Ideia de ter um sítio
ou chácara fez muita gente ir para Bororé-Colônia no início da ocupação
Terreno é permeado por nascentes
e corpos d'água que abastecem as represas Billings e Guarapiranga.
Documento obtido pelo Estado
mostra que técnicos da Secretaria do Verde do município vem fazendo alertas
sobre a situação. O relatório, distribuído em reunião do Conselho Gestor da APA
no final de julho, lista com imagens uma série de ocorrências e aponta que
"nota-se de forma generalizada a construção de novas habitações e a
implantação de novos loteamentos de forma clandestina".
O
material descreve o "adensamento dos núcleos e loteamentos já existentes,
crescendo e avançando sobre as matas vizinhas, bem como a abertura de novos
eixos e focos de ocupação." E conclui que esse processo ameaça "a
produção de água para milhões de habitantes na Grande São Paulo." O alerta
ocorre no momento em que a Câmara Municipal debate o novo projeto de zoneamento
da cidade, que prevê a instalação de equipamentos públicos em áreas verdes.
Ao
longo da semana retrasada a reportagem apurou por terra e por sobrevoo essas
denúncias no local. Observamos novas casas de alvenaria sendo erguidas nos
arredores de áreas que já estavam ocupadas antes mesmo da criação da APA, que é
de 2006. Barracos avançando sobre locais em que ainda havia floresta. Um
córrego canalizado virou espaço para despejo de esgoto. E áreas em que a
cobertura vegetal foi toda suprimida, seja com serra elétrica ou com queimadas.

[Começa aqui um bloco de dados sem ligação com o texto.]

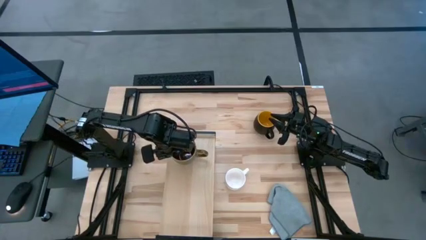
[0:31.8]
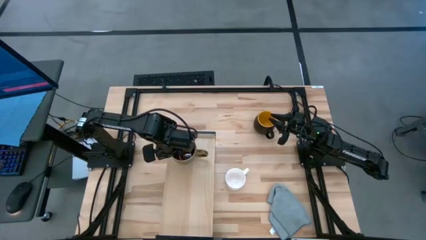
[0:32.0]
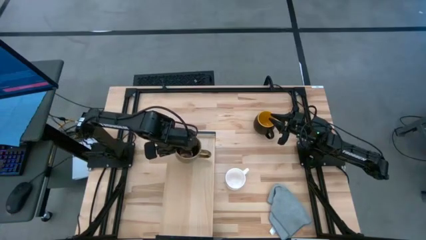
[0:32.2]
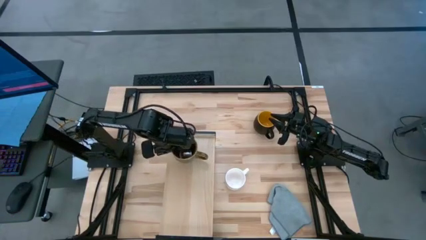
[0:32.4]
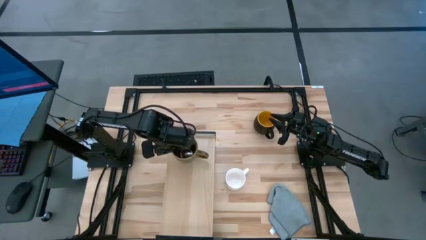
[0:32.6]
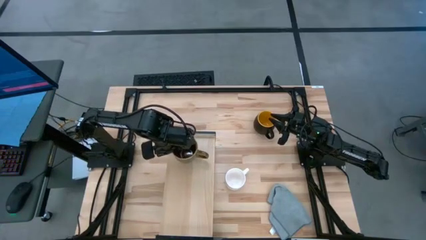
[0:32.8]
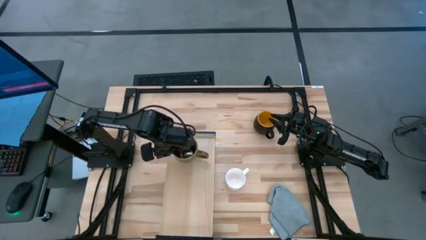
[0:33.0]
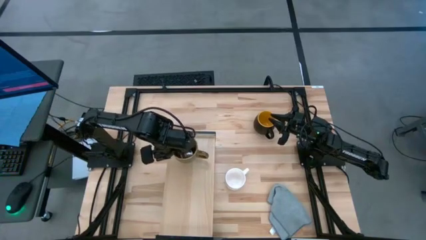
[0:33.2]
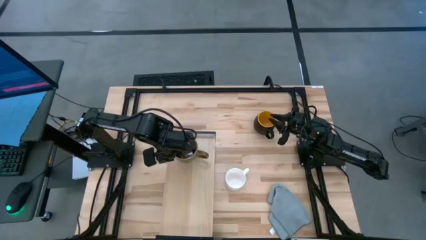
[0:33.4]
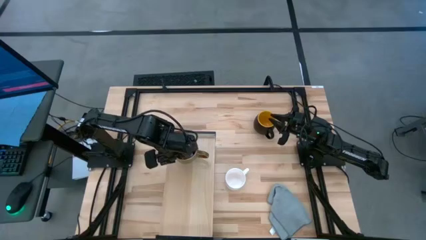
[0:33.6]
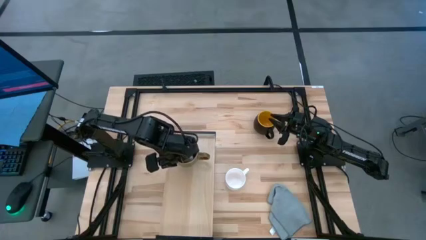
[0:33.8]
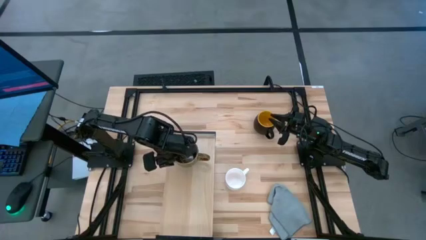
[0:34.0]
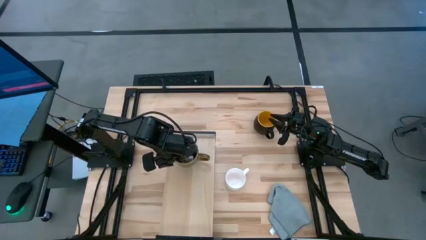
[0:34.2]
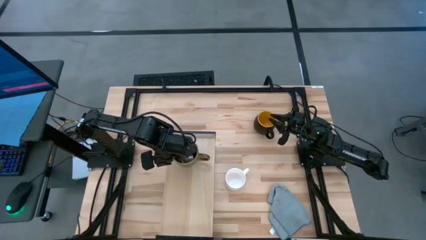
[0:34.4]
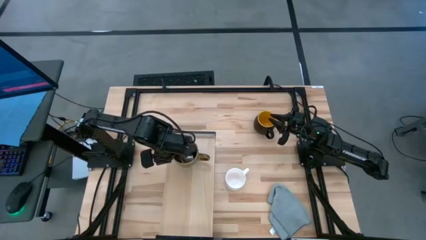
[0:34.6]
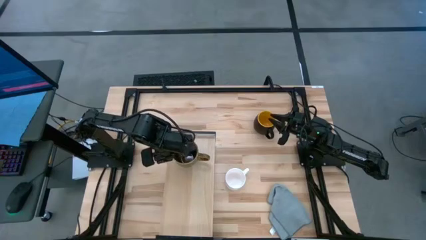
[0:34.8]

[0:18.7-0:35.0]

Durante o sobrevoo, testemunhamos uma área ainda pegando fogo e invasões
incrustadas no meio da mata.
Uma
das invasões mais gritantes ocorre sobre a região do antigo aterro Três
Corações, desativado por ocasião da criação da APA. Imagens de satélites
obtidas pelo Estado mostram que em 2012 a região tinha sido reocupada por uma
vegetação. Em 2015 o local estava praticamente todo ocupado por barracos e já
algumas casas de alvenaria.
Efeito
formiga
Também
chama a atenção o movimento conhecido como "bosqueamento", em que
algumas árvores são retiradas, mas outras são mantidas, sob as quais são
construídos os barracos. Com as copas altas os resguardando, fica mais difícil
serem avistados em sobrevoos. Em outros casos, também para dificultar a
fiscalização, uma faixa de árvores é mantida ao longo da estrada, mas no
interior dos terrenos tudo já foi derrubado. Quem passa rápido de carro acha que
a vegetação continua intacta.
Todo
esse movimento é grande o bastante para permitir a chegada de novas famílias à
região, que aumentam a pressão sobre uma área que já é frágil, mas pequeno para
ser visto, por exemplo, por imagens de satélite que ajudam no monitoramento dos
remanescentes da Mata Atlântica. O trabalho feito anualmente pela Fundação SOS
Mata Atlântica com o Instituto Nacional de Pesquisas Espaciais (INPE) só
consegue captar a perda de vegetação a partir de 3 ha. "Mas o que está
acontecendo lá é o chamado efeito formiga, que vai comendo pelas bordas e
dificulta a fiscalização", comenta Márcia Hirota, da SOS Mata Atlântica.
Mesmo
sem ter uma estatística do tamanho atual da degradação, Márcia destaca a
importância da APA como um dos poucos remanescentes de vegetação nativa em São
Paulo. Segundo ela, considerando toda a área da capital, 19,6% é de mata com
tamanhos acima de 1 hectare. O Bororé responde por 7,7% desse total (2.294 ha).
Roberto
Resende, presidente da Iniciativa Verde, entidade que faz parte da Rede de ONGs
da Mata Atlântica explica por que isso tudo é um problema. "Por um lado, a
floresta regula a quantidade e a qualidade de água da chuva que é absorvida no
solo. Vai deixando fluir aos poucos, para alimentar os mananciais. Sem não tem
floresta, quando a chuva vem, lava tudo e provoca assoreamento. Já uma ocupação
de 40 lotes onde antes havia um sítio ou uma chácara traz uma quantidade muito
maior de lixo, esgoto e tudo vai parar na represa", afirma.
Outro
problema do desmatamento é que, se não é rapidamente inibido, em pouco tempo a
invasão pode ser grande demais para ser retirada do local. Há uma percepção
entre os criminosos que, uma vez instalados, já não serão mais retirados dali.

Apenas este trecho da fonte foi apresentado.